We further investigated, if an RR model developed with samples from individuals with signs of decomposition as training data might optimize the overserved decreased accuracy by inclusion of the variation due to decomposition. As the number of decomposed samples was restricted in this study, a leave-one-out CV (LOOCV) approach was chosen for evaluation (Fig. 4; Table 2, Suppl. Table S3) and should be considered as a pilot model with need of further research. The developed RR model specifically trained with samples of individuals with signs of decomposition led to an improvement in overall accuracy compared to the predictions based on the model trained on samples from individuals without signs of decomposition (cf. Figure 3; Table 1).

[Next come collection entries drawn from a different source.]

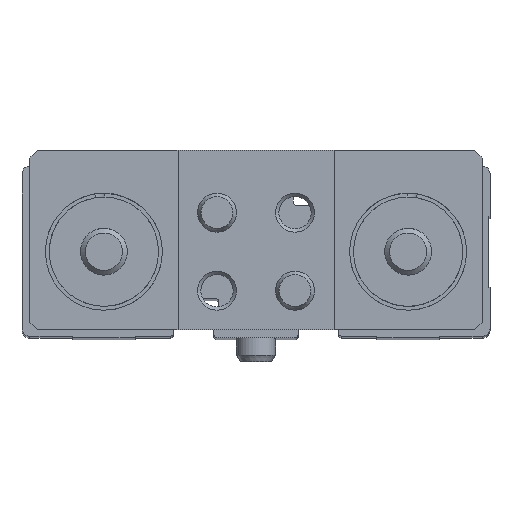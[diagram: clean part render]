
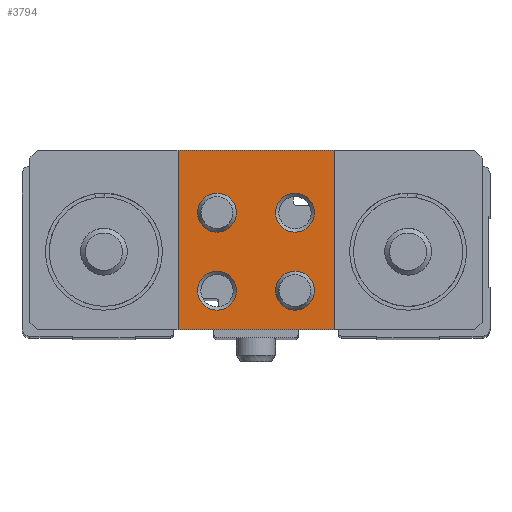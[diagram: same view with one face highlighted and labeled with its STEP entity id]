
A CAD part, top view. The second image highlights one B-rep face of the part: STEP entity #3794.
In plain terms, the highlighted planar face has unit normal (0, 0, 1).
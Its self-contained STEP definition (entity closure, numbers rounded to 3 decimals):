
#179=PLANE('',#4248);
#380=CIRCLE('',#4249,2.5);
#381=CIRCLE('',#4250,2.5);
#382=CIRCLE('',#4251,2.5);
#383=CIRCLE('',#4252,2.5);
#1168=ORIENTED_EDGE('',*,*,#1832,.T.);
#1169=ORIENTED_EDGE('',*,*,#1833,.T.);
#1170=ORIENTED_EDGE('',*,*,#1834,.T.);
#1171=ORIENTED_EDGE('',*,*,#1835,.T.);
#1172=ORIENTED_EDGE('',*,*,#1823,.T.);
#1173=ORIENTED_EDGE('',*,*,#1836,.T.);
#1174=ORIENTED_EDGE('',*,*,#1815,.T.);
#1175=ORIENTED_EDGE('',*,*,#1837,.T.);
#1815=EDGE_CURVE('',#2216,#2223,#2517,.T.);
#1823=EDGE_CURVE('',#2232,#2231,#2525,.T.);
#1832=EDGE_CURVE('',#2240,#2240,#380,.T.);
#1833=EDGE_CURVE('',#2241,#2241,#381,.T.);
#1834=EDGE_CURVE('',#2242,#2242,#382,.T.);
#1835=EDGE_CURVE('',#2243,#2243,#383,.T.);
#1836=EDGE_CURVE('',#2231,#2216,#2534,.T.);
#1837=EDGE_CURVE('',#2223,#2232,#2535,.T.);
#2216=VERTEX_POINT('',#6420);
#2223=VERTEX_POINT('',#6433);
#2231=VERTEX_POINT('',#6451);
#2232=VERTEX_POINT('',#6453);
#2240=VERTEX_POINT('',#6472);
#2241=VERTEX_POINT('',#6474);
#2242=VERTEX_POINT('',#6476);
#2243=VERTEX_POINT('',#6478);
#2517=LINE('',#6434,#2771);
#2525=LINE('',#6452,#2779);
#2534=LINE('',#6479,#2788);
#2535=LINE('',#6480,#2789);
#2771=VECTOR('',#5204,1000.);
#2779=VECTOR('',#5216,1000.);
#2788=VECTOR('',#5237,1000.);
#2789=VECTOR('',#5238,1000.);
#3042=EDGE_LOOP('',(#1168));
#3043=EDGE_LOOP('',(#1169));
#3044=EDGE_LOOP('',(#1170));
#3045=EDGE_LOOP('',(#1171));
#3046=EDGE_LOOP('',(#1172,#1173,#1174,#1175));
#3416=FACE_BOUND('',#3042,.T.);
#3417=FACE_BOUND('',#3043,.T.);
#3418=FACE_BOUND('',#3044,.T.);
#3419=FACE_BOUND('',#3045,.T.);
#3420=FACE_BOUND('',#3046,.T.);
#3794=ADVANCED_FACE('',(#3416,#3417,#3418,#3419,#3420),#179,.T.);
#4248=AXIS2_PLACEMENT_3D('',#6470,#5227,#5228);
#4249=AXIS2_PLACEMENT_3D('',#6471,#5229,#5230);
#4250=AXIS2_PLACEMENT_3D('',#6473,#5231,#5232);
#4251=AXIS2_PLACEMENT_3D('',#6475,#5233,#5234);
#4252=AXIS2_PLACEMENT_3D('',#6477,#5235,#5236);
#5204=DIRECTION('',(-1.,0.,0.));
#5216=DIRECTION('',(1.,0.,0.));
#5227=DIRECTION('',(0.,0.,1.));
#5228=DIRECTION('',(1.,0.,0.));
#5229=DIRECTION('',(0.,0.,-1.));
#5230=DIRECTION('',(-1.,0.,0.));
#5231=DIRECTION('',(0.,0.,-1.));
#5232=DIRECTION('',(-1.,0.,0.));
#5233=DIRECTION('',(0.,0.,-1.));
#5234=DIRECTION('',(-1.,0.,0.));
#5235=DIRECTION('',(0.,0.,-1.));
#5236=DIRECTION('',(-1.,0.,0.));
#5237=DIRECTION('',(0.,1.,0.));
#5238=DIRECTION('',(0.,-1.,0.));
#6420=CARTESIAN_POINT('',(10.,13.,19.));
#6433=CARTESIAN_POINT('',(-10.,13.,19.));
#6434=CARTESIAN_POINT('',(29.,13.,19.));
#6451=CARTESIAN_POINT('',(10.,-10.,19.));
#6452=CARTESIAN_POINT('',(-29.,-10.,19.));
#6453=CARTESIAN_POINT('',(-10.,-10.,19.));
#6470=CARTESIAN_POINT('',(0.,0.,19.));
#6471=CARTESIAN_POINT('',(-5.,-5.,19.));
#6472=CARTESIAN_POINT('',(-7.5,-5.,19.));
#6473=CARTESIAN_POINT('',(-5.,5.,19.));
#6474=CARTESIAN_POINT('',(-7.5,5.,19.));
#6475=CARTESIAN_POINT('',(5.,-5.,19.));
#6476=CARTESIAN_POINT('',(2.5,-5.,19.));
#6477=CARTESIAN_POINT('',(5.,5.,19.));
#6478=CARTESIAN_POINT('',(2.5,5.,19.));
#6479=CARTESIAN_POINT('',(10.,0.,19.));
#6480=CARTESIAN_POINT('',(-10.,0.,19.));

LOOCV ridge regression model for dataset 3 (decomposed samples). Results of LOOCV age predictions for the different marker combinations used for model building, n = 48, cf. Table 2; LOOCV = leave-one-out cross validation, RR = ridge regression
Discussion
The methodological possibilities for chronological age prediction of a deceased person depend on the availability of the biological material. Skull bone is among the most commonly found bone type and agedependent accumulation of molecular markers like Pen and D-Asp as well as changes in the DNAm level could therefore be useful for age prediction [37]. As interindividual variations are known for all chronological age markers [47, 48], a combined analysis could be beneficial. For this purpose, we investigated age-dependent changes in these three molecular clocks, developed age prediction RR models, investigated the improvement of age prediction by combination, and examined whether samples from individuals with signs of decomposition can also be analyzed. To achieve this, parietal bones from deceased individuals without and with signs of decomposition were collected and the DNAm of 6 CpG sites in ELOVL2, KLF14, PDE4C, RPA2, TRIM59, and ZYG11A was analyzed using MPS, and the amount of D-Asp and Pen was determined by HPLC. To the best of our knowledge, this is the first study to examine age prediction using DNAm, D-Asp and Pen for samples in different stages of decomposition in bone.
Age-dependent changes in D-Asp, Pen and DNA methylation
The samples included in dataset 1 (n = 98) were used to characterize the age-dependent molecular clocks D-Asp, Pen and DNAm (i.e., included CpG sites) in bone (cf. Figure 1). One limitation was that the Pen accumulation during life was below the detectable threshold for some individuals under the age of 18 years.
Age-dependence was verified in bone with ρ > 0.8 in all markers, however, with a lower age-dependent correlation for D-Asp (ρ = 0.86) compared to previous studies using highly bradytrophic and homogeneous tissues, such as dentine (Pearson r = 0.96–0.99 [9, 12, 13, 49]). The age-dependent correlation for Pen was comparable to results for dentine (Pearson r = 0.94 [12, 15]).
Differences in the results for the protein parameters in total dentine and total bone can be explained by very different turnover rates in these tissues. Although dentine and bone share structural and functional similarities like the collagen matrix and the mineral content, after initial formation during tooth development, mature dentine is a very bradytrophic tissue with (almost) no turnover through which its protein composition stays largely unchanged [50] resulting in a close relation between D-Asp and Pen levels to age [12] even by analyzing total tissue.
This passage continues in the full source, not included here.